Dix milliards de dollars de capitalisation boursière évaporés en à peine trois jours de cotation. L'entrée de Facebook en Bourse est fracassante, mais pas exactement comme l'espéraient ses banquiers introducteurs. Certes, le réseau social pèse encore près de 90 milliards de dollars (à 32,30 dollars à 2h30 de la clôture, en repli de 5%) et a levé le maximum de fonds souhaités, mais en termes d'image, une telle glissade détonne dans le décor. Mais il y a pire. Une des explications de cette forte pression vendeuse nous vient d'une incroyable rumeur : selon l'agence Reuters, l'analyste en charge des valeurs Internet chez Morgan Stanley, la banque chef de file de l'introduction, aurait sérieusement abaissé ses prévisions sur Facebook en plein « roadshow », la tournée de présentation aux investisseurs pendant le placement des actions. Les analystes de JP Morgan et de Goldman Sachs, qui ont aussi garanti le placement des titres, auraient également abaissé leurs prévisions selon l'agence financière. Aucune banque n'a fait de commentaire.

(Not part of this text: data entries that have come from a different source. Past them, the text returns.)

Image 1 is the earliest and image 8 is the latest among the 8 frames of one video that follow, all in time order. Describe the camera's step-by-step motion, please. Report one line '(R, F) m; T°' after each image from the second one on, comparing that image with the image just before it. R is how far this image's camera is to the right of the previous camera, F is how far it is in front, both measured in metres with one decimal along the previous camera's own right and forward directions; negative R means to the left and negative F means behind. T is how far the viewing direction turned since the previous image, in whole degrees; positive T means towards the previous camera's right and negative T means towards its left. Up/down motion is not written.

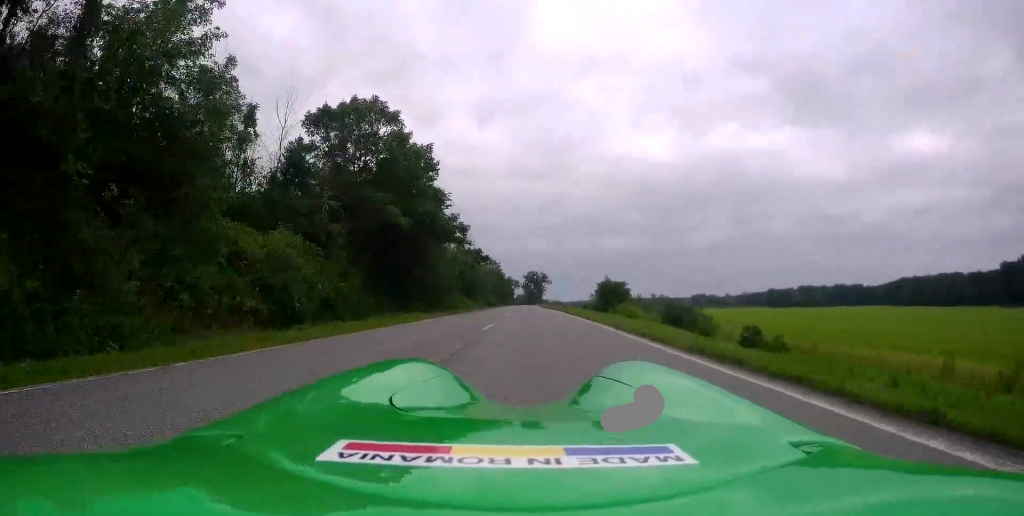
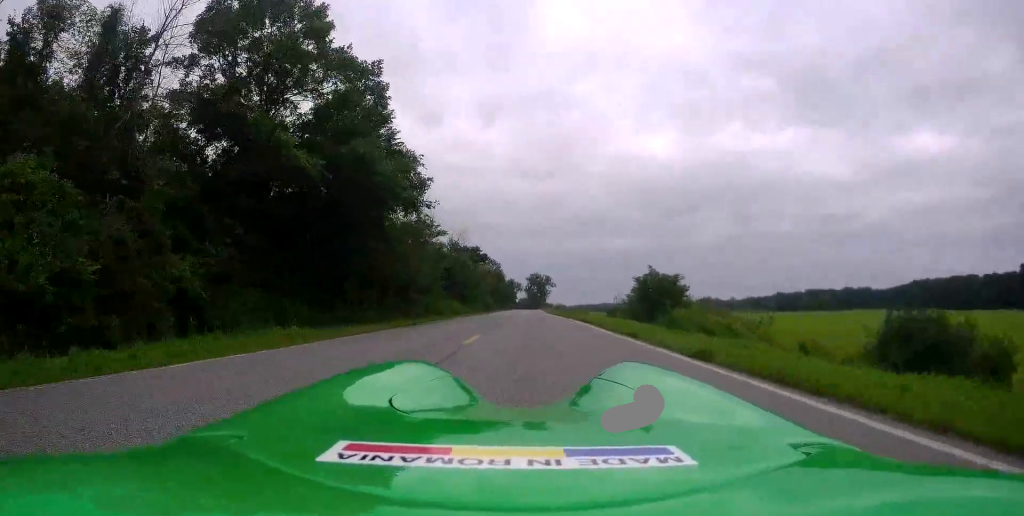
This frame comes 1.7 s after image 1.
(+0.4, +16.4) m; +1°
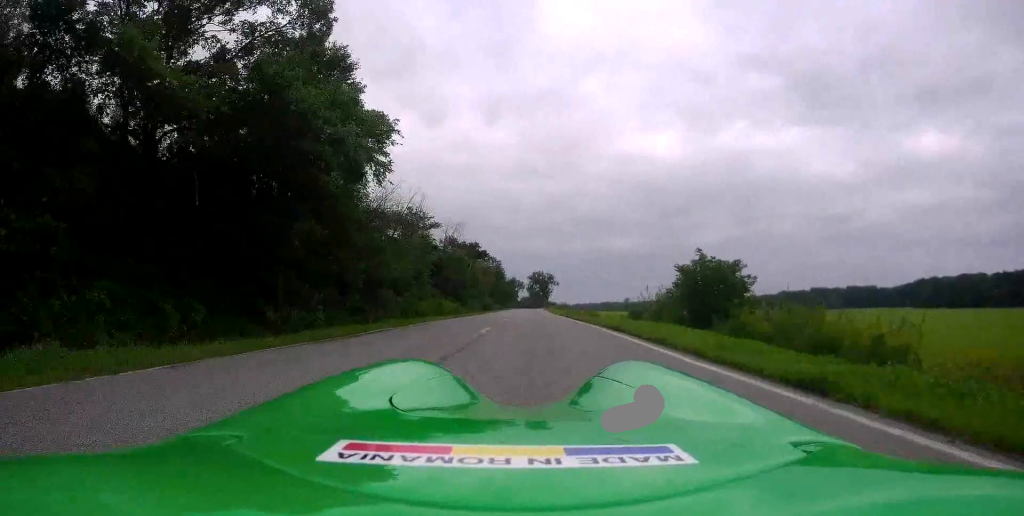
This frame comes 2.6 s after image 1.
(-0.2, +8.9) m; -1°
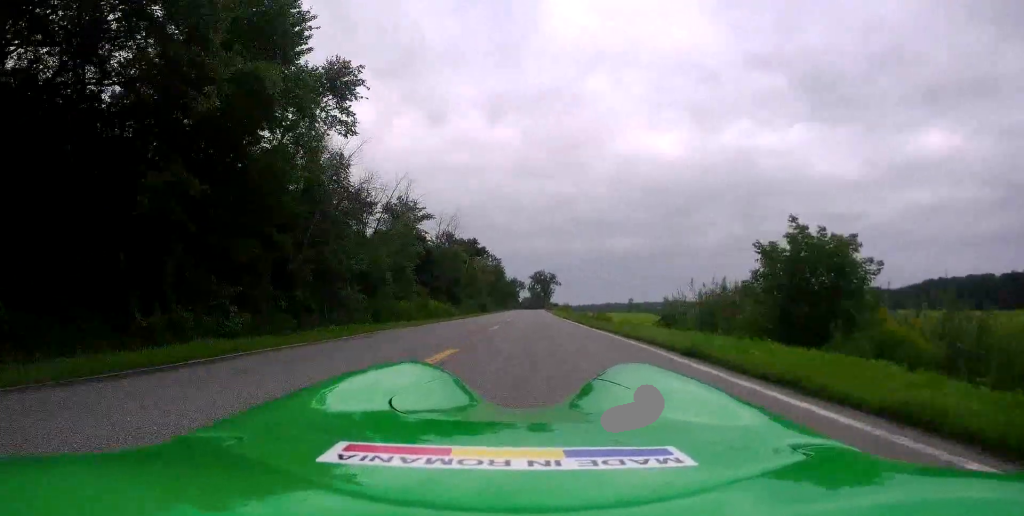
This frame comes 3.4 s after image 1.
(0.0, +8.1) m; 0°
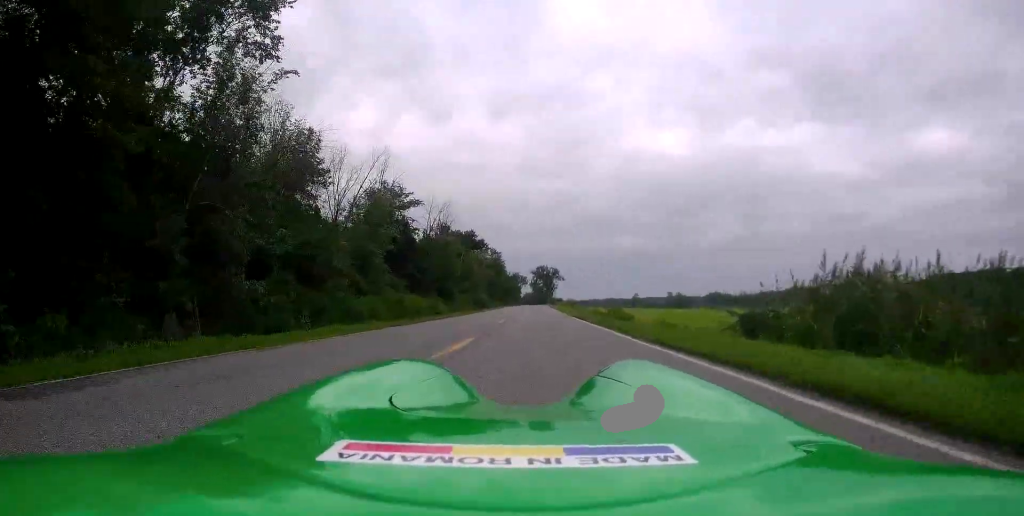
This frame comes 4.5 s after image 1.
(+0.1, +10.0) m; +1°
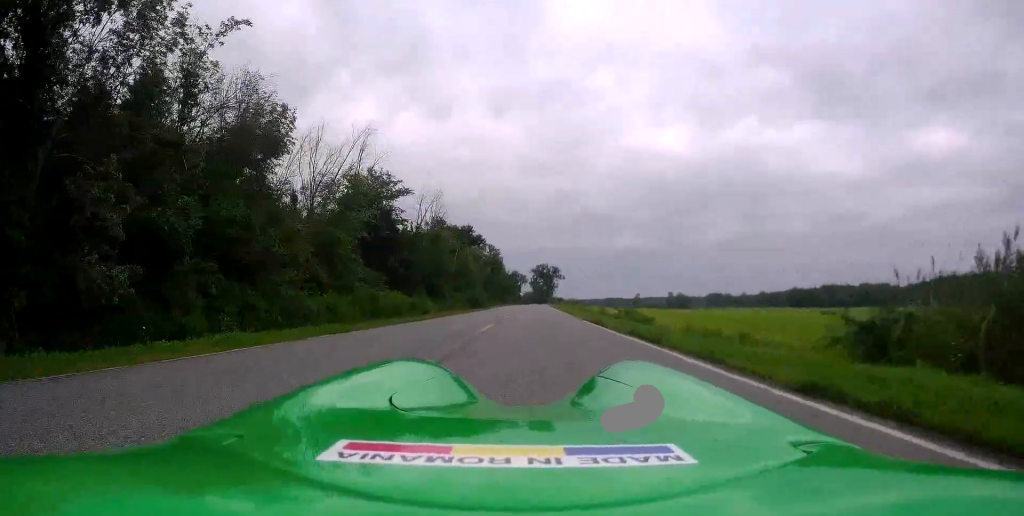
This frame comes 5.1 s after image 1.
(+0.2, +6.3) m; 0°
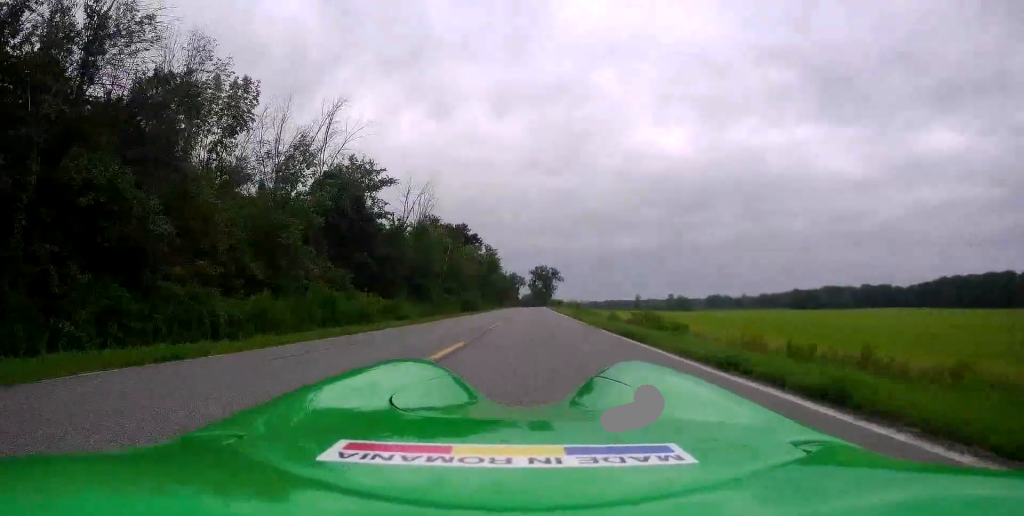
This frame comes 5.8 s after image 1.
(-0.2, +6.7) m; -1°
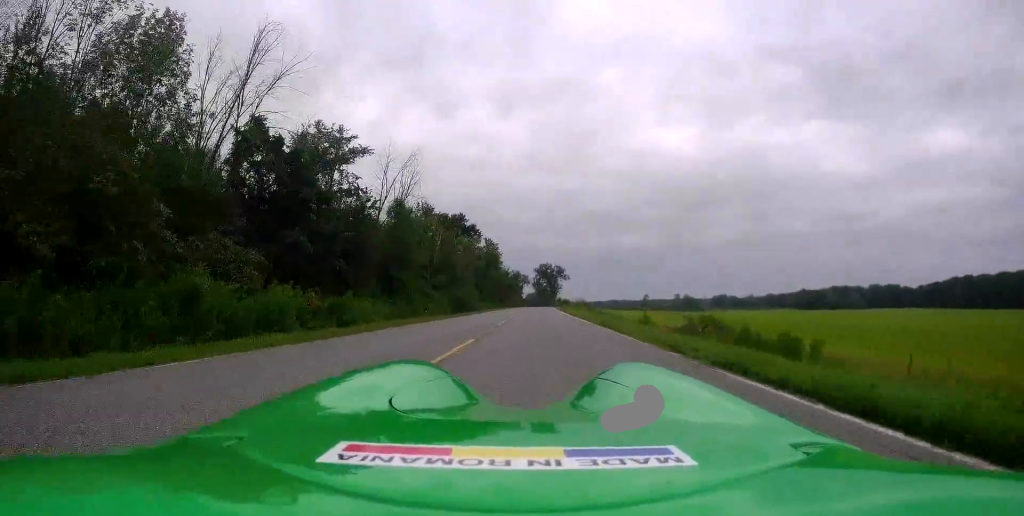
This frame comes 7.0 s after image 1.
(0.0, +11.4) m; 0°

Des investisseurs choqués, se sentant trahis
Ce serait donc la preuve qu'il existe une véritable « Muraille de Chine », une séparation étanche entre les différentes activités de la banque, en l'occurrence la Recherche Actions et la banque d'investissement... Mais cette affaire fait désordre. L'abaissement « significatif » des prévisions pour le deuxième trimestre par l'analyste de Morgan Stanley serait intervenu juste après la publication par Facebook d'une version modifiée de son prospectus d'introduction, le 9 mai, en plein road-show, dans lequel la société de Mark Zuckerberg soulignait que sa croissance risquait de se tasser du fait de l'essor de l'usage depuis un mobile, sur lequel il ne retire encore aucun chiffre d'affaires significatif.

Cette soudaine prudence de l'analyste aurait choqué des investisseurs : « cela s'est produit pendant la présentation. En dix ans, je n'ai jamais vu cela », a déclaré une source au sein d'un fonds d'investissement faisant partie des clients avertis par Morgan Stanley, citée par l'agence Reuters. De quoi refroidir les institutionnels déjà inquiets de la valorisation élevée (65 fois les bénéfices de 2013 à 38 dollars, le prix définitif). Certains se sont sentis trahis. Traditionnellement, les banques introductrices cherchent plutôt à dépeindre un portrait positif de l'entreprise qu'elles présentent. Elles s'abstiennent ensuite d'émettre une opinion sur la valeur pendant les 40 jours qui suivent l'entrée en Bourse. Morgan Stanley, chef de file parmi les 33 banques choisies par Facebook pour piloter cette introduction monstre, est plus généralement pointée du doigt pour la façon très secrète dont elle a gérée cette opération. Elle aurait ignoré les conseils d'autres banques qui étaient contre l'accroissement du nombre d'actions offertes et du prix décidé au dernier moment, et ainsi surestimé l'enthousiasme de la place.